- Exercise details: Type out the lines below exactly, pictures excluded.

-- Opening Marker --

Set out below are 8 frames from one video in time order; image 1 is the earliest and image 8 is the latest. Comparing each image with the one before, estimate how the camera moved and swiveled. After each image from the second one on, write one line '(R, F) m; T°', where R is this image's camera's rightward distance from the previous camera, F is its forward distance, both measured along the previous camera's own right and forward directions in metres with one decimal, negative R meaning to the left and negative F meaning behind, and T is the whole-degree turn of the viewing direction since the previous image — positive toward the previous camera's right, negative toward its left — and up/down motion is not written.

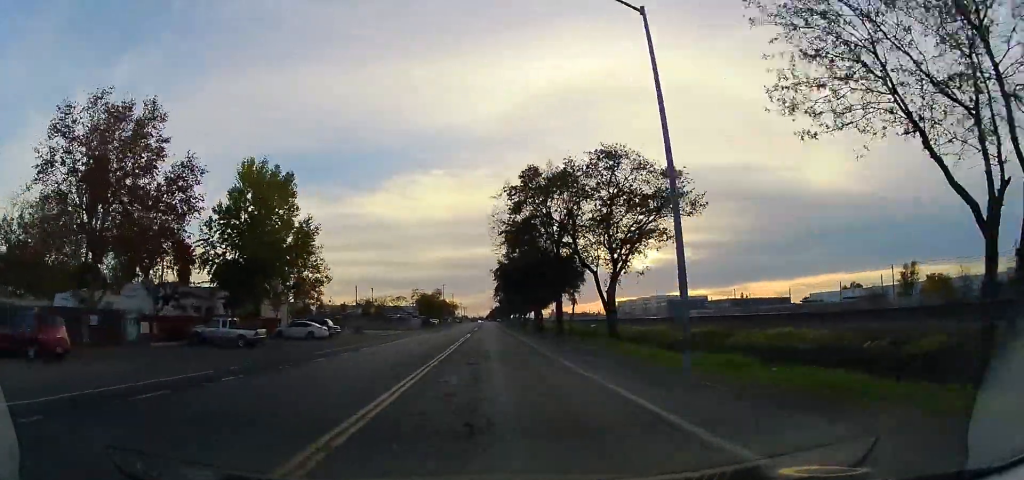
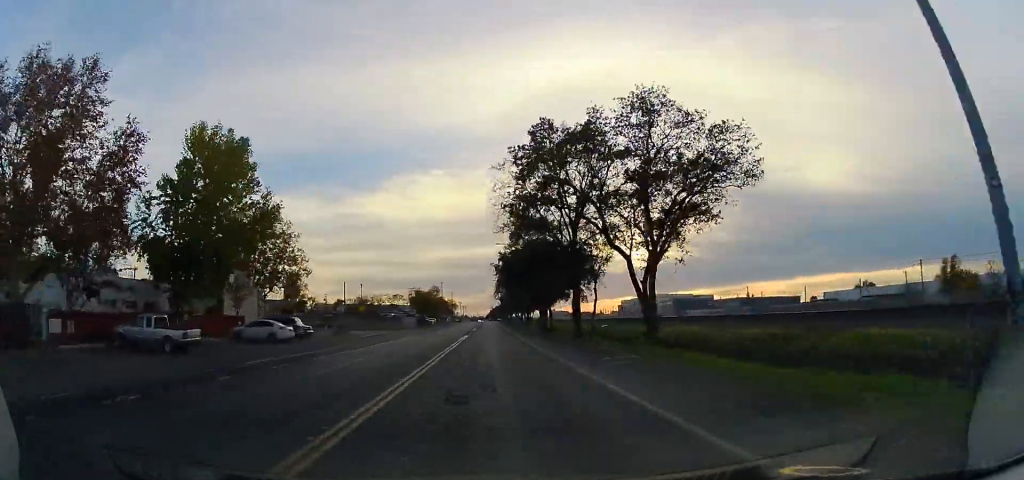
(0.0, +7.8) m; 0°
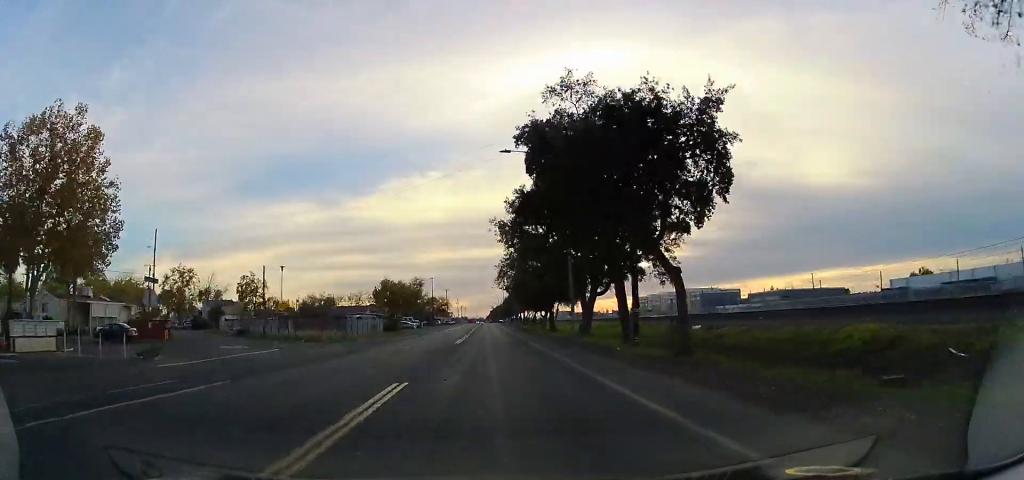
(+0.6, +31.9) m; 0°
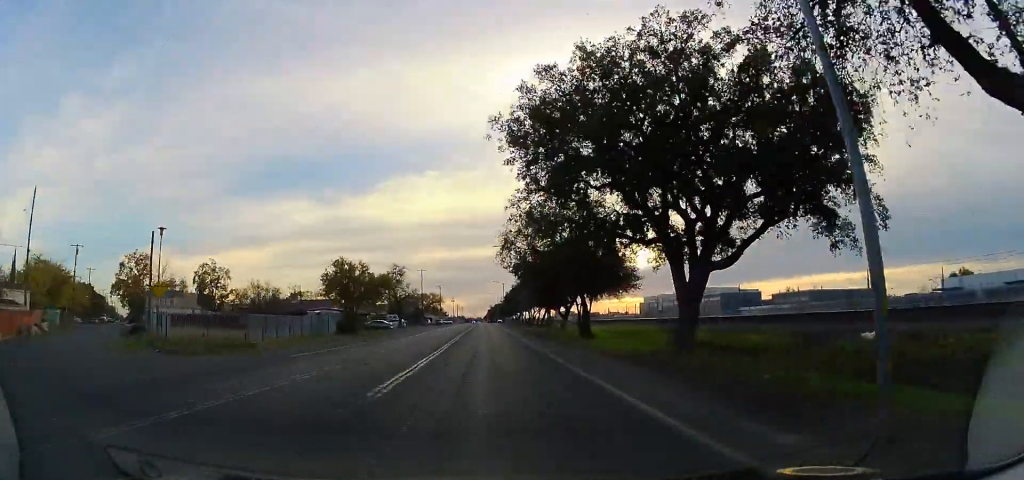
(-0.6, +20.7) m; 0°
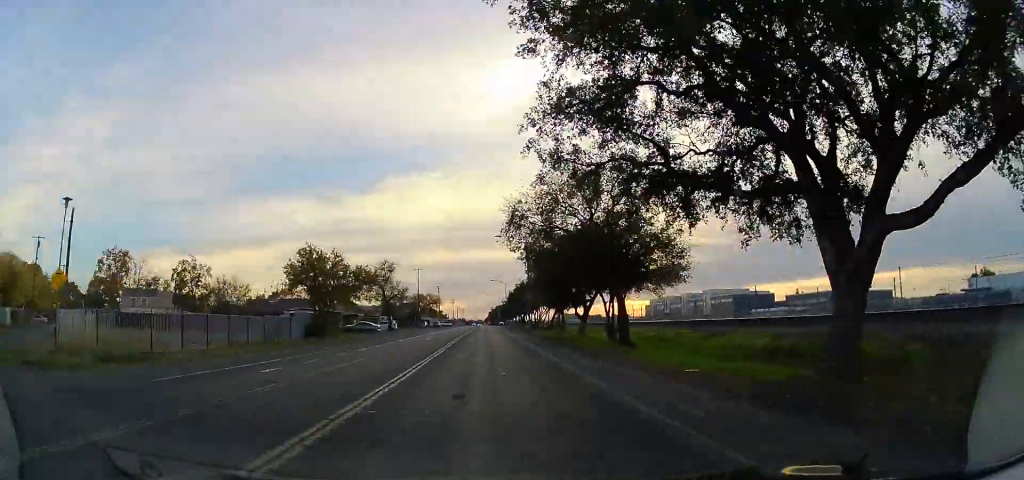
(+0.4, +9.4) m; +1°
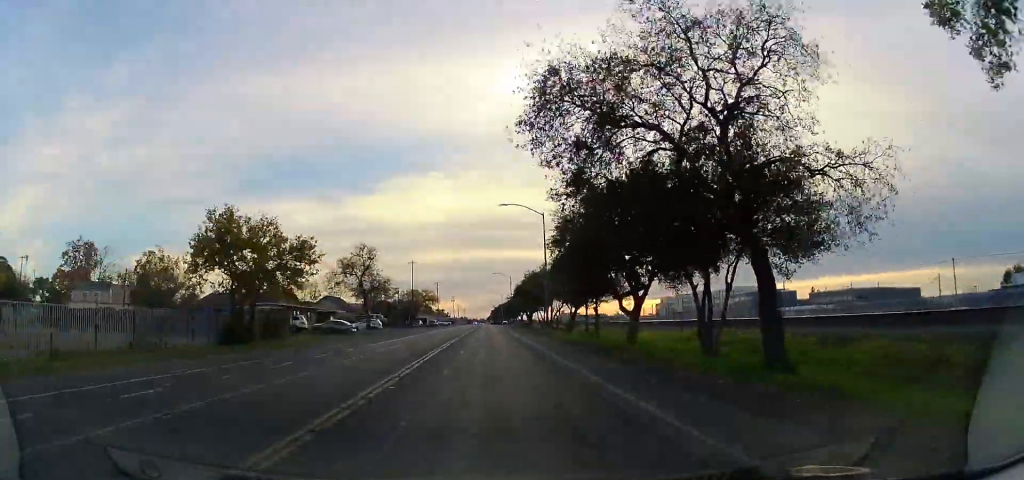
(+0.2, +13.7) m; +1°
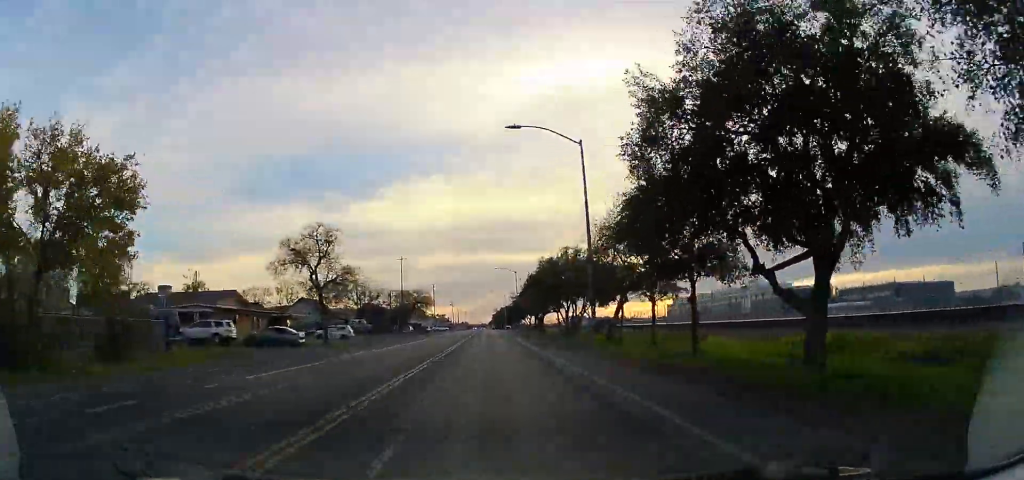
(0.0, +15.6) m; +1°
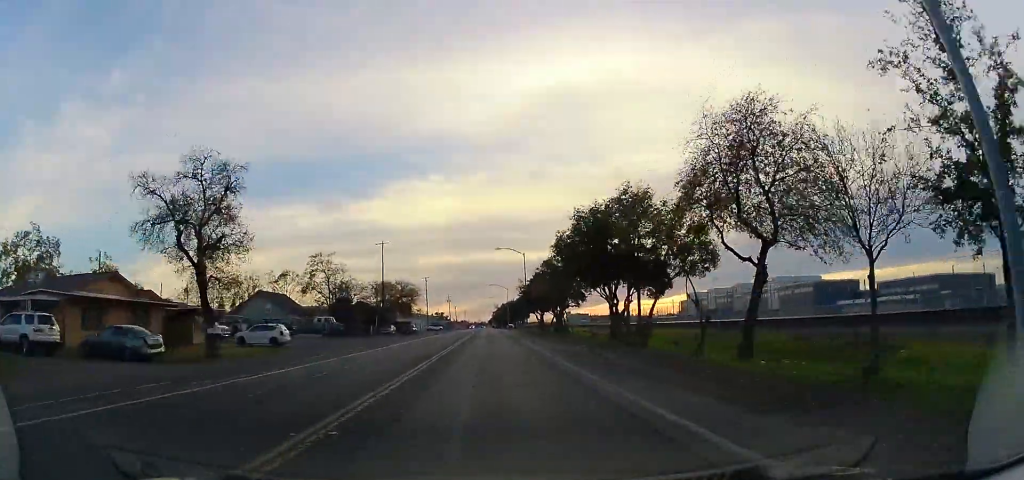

-- Closing Marker --

- Answer to this problem:
Set out below are 8 frames from one video in time order; image 1 is the earliest and image 8 is the latest. Comparing each image with the one before, estimate how the camera moved and swiveled. After each image from the second one on, write one line '(R, F) m; T°', where R is this image's camera's rightward distance from the previous camera, F is its forward distance, both measured along the previous camera's own right and forward directions in metres with one decimal, negative R meaning to the left and negative F meaning behind, and T is the whole-degree turn of the viewing direction since the previous image — positive toward the previous camera's right, negative toward its left — and up/down motion is not written.

(0.0, +7.8) m; 0°
(+0.6, +31.9) m; 0°
(-0.6, +20.7) m; 0°
(+0.4, +9.4) m; +1°
(+0.2, +13.7) m; +1°
(0.0, +15.6) m; +1°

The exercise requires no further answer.